You’ll be forgiven for overlooking the stunning view of the Minneapolis skyline from Joyce Vincent’s house. The pink astilbe, columbine, purple dome aster, mums and daylilies are unfair competition. On any given day, someone-or several someones-will be wandering around Vincent’s gardens, often with their cameras, always with her blessing, no appointment required.
Vincent, a leader since 1983 of Metro Blooms (fka Minneapolis Blooms, and before that, Blooming Boulevards), inherited the gardening bug from her mother and grandmother. Her philosophy: “If there’s space for it, I’ll put it in. When I go to the farmers’ market and see new stuff, I can’t resist temptation.”
The physical work is done by two part-time gardeners, Joni and Jill, who answered an ad she placed-coincidentally, though they replied separately, the two women were acquainted. Such is the small world of northeast Minneapolis. For Vincent-a woman for whom sitting down is (in her words) “a four-minute process”-digging in the dirt isn’t an option.
The rheumatoid arthritis came on when she was 11. For the next 25 years, Vincent needed help to sit, stand and get out of bed.
Challenges start young
Early on, at 12 and 13, “I cried a lot,” Vincent said. “I was the tomboy, jumping off garage roofs into snowbanks. It was a tough adjustment.”
For a while, the schoolteacher came to her, but Vincent was able to attend school her senior year (“They had this big, clunky, wooden wheelchair, and another student pushed me from class to class.”) She liked numbers, so her next move was getting an accounting degree via correspondence.
“My counselor put out feelers to the Minnesota Society for Crippled Children and Adults,” Vincent said, “and they came to my house to interview me” for a receptionist/accounting position. She got the job. In 1978, MiSCCA became Courage Center. Vincent retired in 2000 as director of Courage Cards and Gifts, a program she launched in 1958.
Since age 37, Vincent has undergone a dozen joint replacements: both knees, both hips, both ankles and her right elbow. Some joints have been replaced more than once. In 2001, doctors said her right knee couldn’t be replaced again. “I was told I could have a straight leg forever, with a titanium rod, or amputation at the knee and a prosthesis,” Vincent said. “I chose straight leg forever.”
Asked what fueled her after arthritis ended her garage-roof leaps, Vincent cites her loving, resourceful parents. “They had gone through many struggles, and my dad always said, ‘If you can’t do it one way, try another.'”
Visibility matters
She took that advice. When Vincent looked for a wheelchair-accessible house in 1982, she couldn’t find one. So, she researched accessibility, and designed and built a super-insulated, wheelchair-accessible, three-bedroom, two-bath rambler with an attached garage.
She found a lot she wanted, submitted her building plan to the neighborhood board-and was rejected.
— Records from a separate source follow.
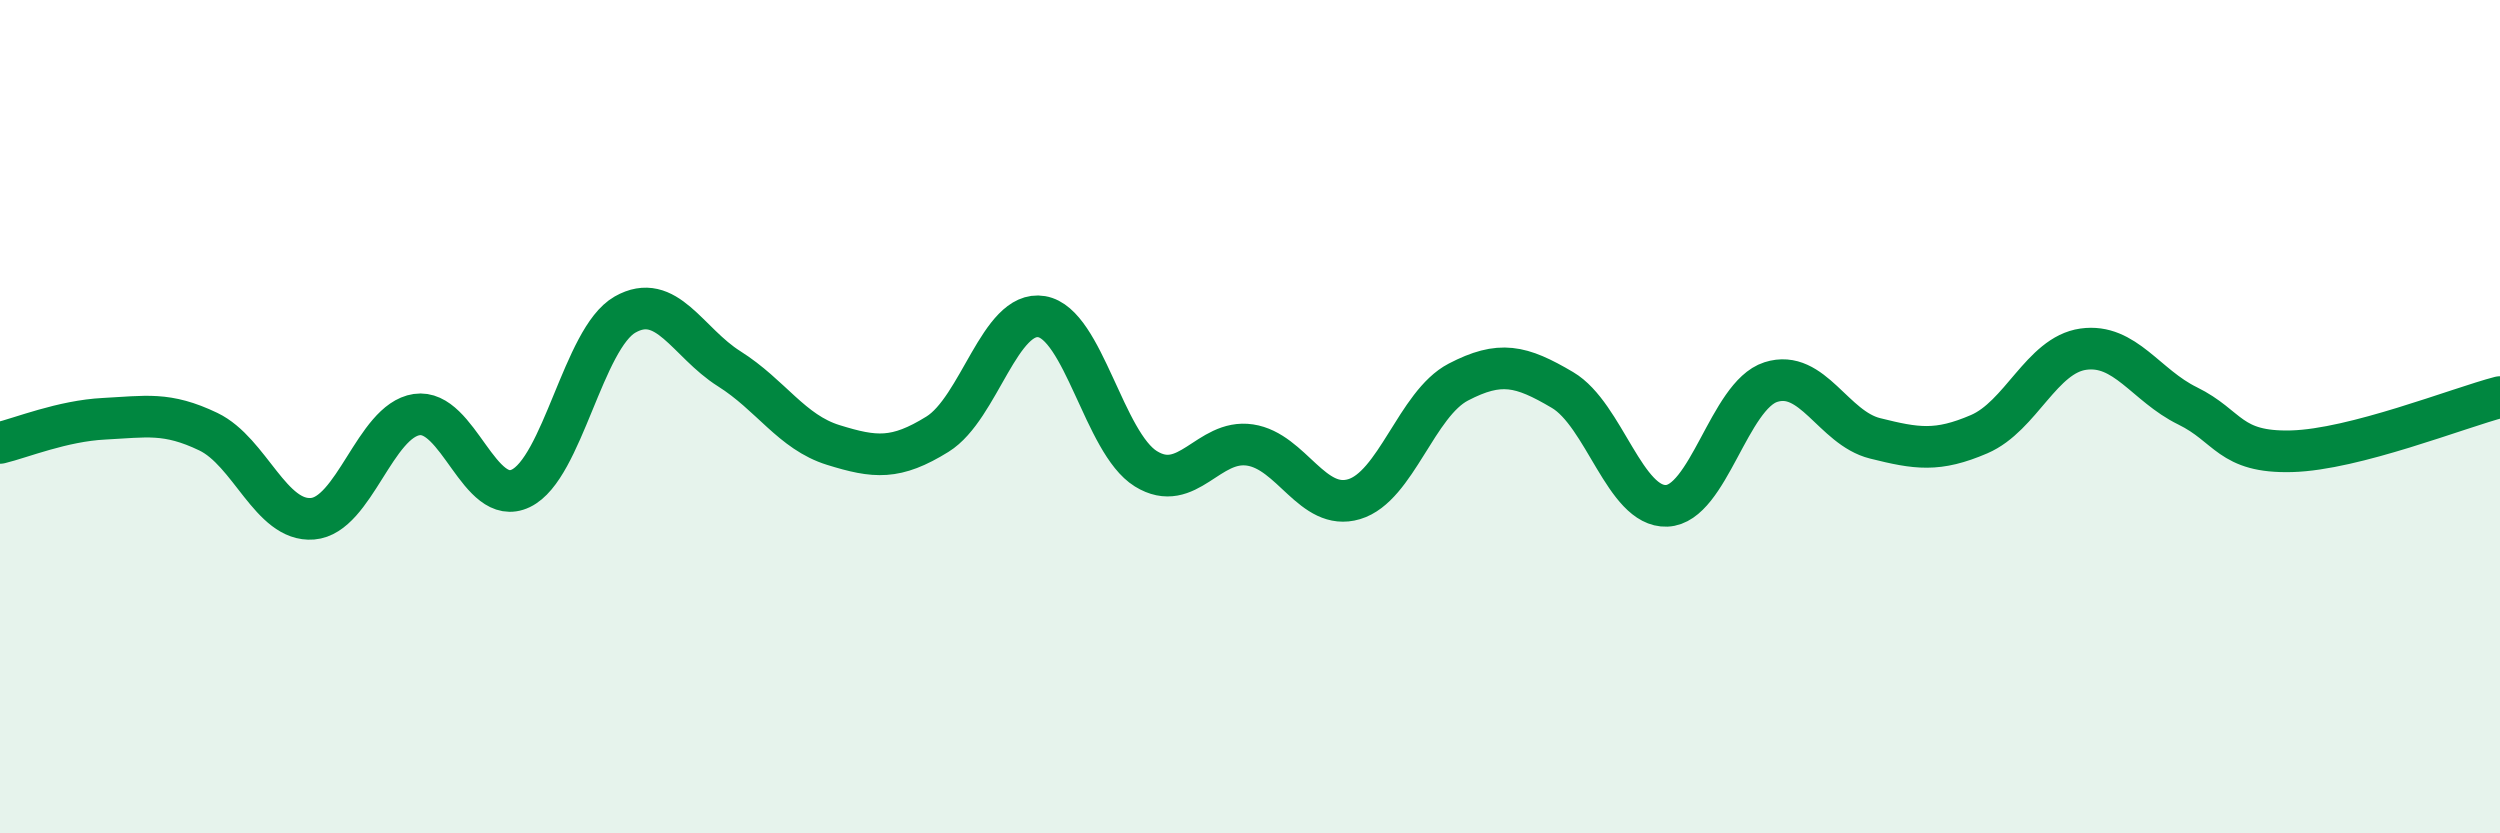 
    <svg width="60" height="20" viewBox="0 0 60 20" xmlns="http://www.w3.org/2000/svg">
      <path
        d="M 0,10.63 C 0.5,10.51 1.5,10.1 2.5,10.05 C 3.5,10 4,9.88 5,10.36 C 6,10.84 6.5,12.53 7.5,12.45 C 8.5,12.37 9,10.1 10,9.95 C 11,9.8 11.5,12.2 12.5,11.72 C 13.5,11.24 14,8.12 15,7.55 C 16,6.98 16.5,8.22 17.5,8.85 C 18.5,9.48 19,10.37 20,10.68 C 21,10.99 21.5,11.04 22.5,10.42 C 23.5,9.8 24,7.43 25,7.6 C 26,7.77 26.5,10.63 27.5,11.25 C 28.5,11.87 29,10.53 30,10.68 C 31,10.83 31.5,12.28 32.5,11.98 C 33.5,11.68 34,9.69 35,9.17 C 36,8.65 36.5,8.77 37.5,9.36 C 38.5,9.95 39,12.18 40,12.14 C 41,12.1 41.5,9.49 42.5,9.17 C 43.5,8.85 44,10.27 45,10.52 C 46,10.77 46.5,10.85 47.5,10.42 C 48.5,9.99 49,8.52 50,8.38 C 51,8.24 51.5,9.25 52.5,9.74 C 53.5,10.23 53.5,10.87 55,10.83 C 56.5,10.79 59,9.79 60,9.53L60 20L0 20Z"
        fill="#008740"
        opacity="0.1"
        stroke-linecap="round"
        stroke-linejoin="round"
      />
      <path
        d="M 0,10.63 C 0.5,10.51 1.5,10.1 2.5,10.05 C 3.5,10 4,9.88 5,10.36 C 6,10.84 6.5,12.53 7.5,12.45 C 8.5,12.37 9,10.1 10,9.95 C 11,9.8 11.5,12.2 12.5,11.72 C 13.5,11.24 14,8.12 15,7.55 C 16,6.98 16.5,8.22 17.5,8.85 C 18.5,9.48 19,10.37 20,10.68 C 21,10.99 21.5,11.04 22.5,10.42 C 23.5,9.8 24,7.43 25,7.6 C 26,7.77 26.5,10.63 27.5,11.25 C 28.5,11.87 29,10.53 30,10.68 C 31,10.83 31.5,12.28 32.5,11.98 C 33.5,11.68 34,9.69 35,9.17 C 36,8.65 36.5,8.77 37.5,9.36 C 38.5,9.95 39,12.18 40,12.14 C 41,12.1 41.5,9.49 42.5,9.17 C 43.5,8.85 44,10.27 45,10.52 C 46,10.77 46.5,10.85 47.5,10.42 C 48.5,9.99 49,8.52 50,8.38 C 51,8.24 51.5,9.25 52.5,9.74 C 53.5,10.23 53.5,10.87 55,10.83 C 56.5,10.79 59,9.79 60,9.53"
        stroke="#008740"
        stroke-width="1"
        fill="none"
        stroke-linecap="round"
        stroke-linejoin="round"
      />
    </svg>

Smelling discrimination, Vincent made some calls.
“One [board member] was honest with me,” she recalled, “and told me they didn’t feel a handicapped person would keep up the property.”
Vincent also called city housing authorities. Perhaps sensing a lawsuit, the Minneapolis Housing Authority sold her another lot on the same block.
Flower activism
Now, Vincent serves on the St. Anthony West Neighborhood Board of Directors, and is active in the Boom Island Village Block Club (with 45 homes, politics don’t get much more local). Vincent supervises the kids who get “age-appropriate wages” to maintain the club’s 12 public flower gardens that dot the street medians and end caps.
One such garden-shaped like a heart-memorializes a teenager who was accidentally shot in her home. A relative was unloading a rifle, Vincent said, so nobody would get hurt.
Grounded in her local community, Vincent also acts globally. She’s active in the Minneapolis Club of Zonta International, which works to advance the status of women worldwide through service and advocacy. Among other duties, Vincent sells tickets and rounds up donated items for the annual silent auction, as well as holds the auction, which benefits causes such as Wayside House in St. Louis Park. “We did some volunteer work planting gardens [at Wayside] too,” Vincent added.
Indeed, her gardening and political activism are intertwined. Candidates for Park Board, City Council and Legislature hold fundraisers and campaign kick-off events in her yard. And to Vincent, gardening is itself-or should be-a form of community activism. It starts with visibility.
She abides by the philosophy of Metro Blooms: “If you can see the gardens, either from the sidewalk or the alley in back, it brings people together and builds community,” she said. “It’s one of the most effective anti-crime programs, because it helps people get to know their neighbors.”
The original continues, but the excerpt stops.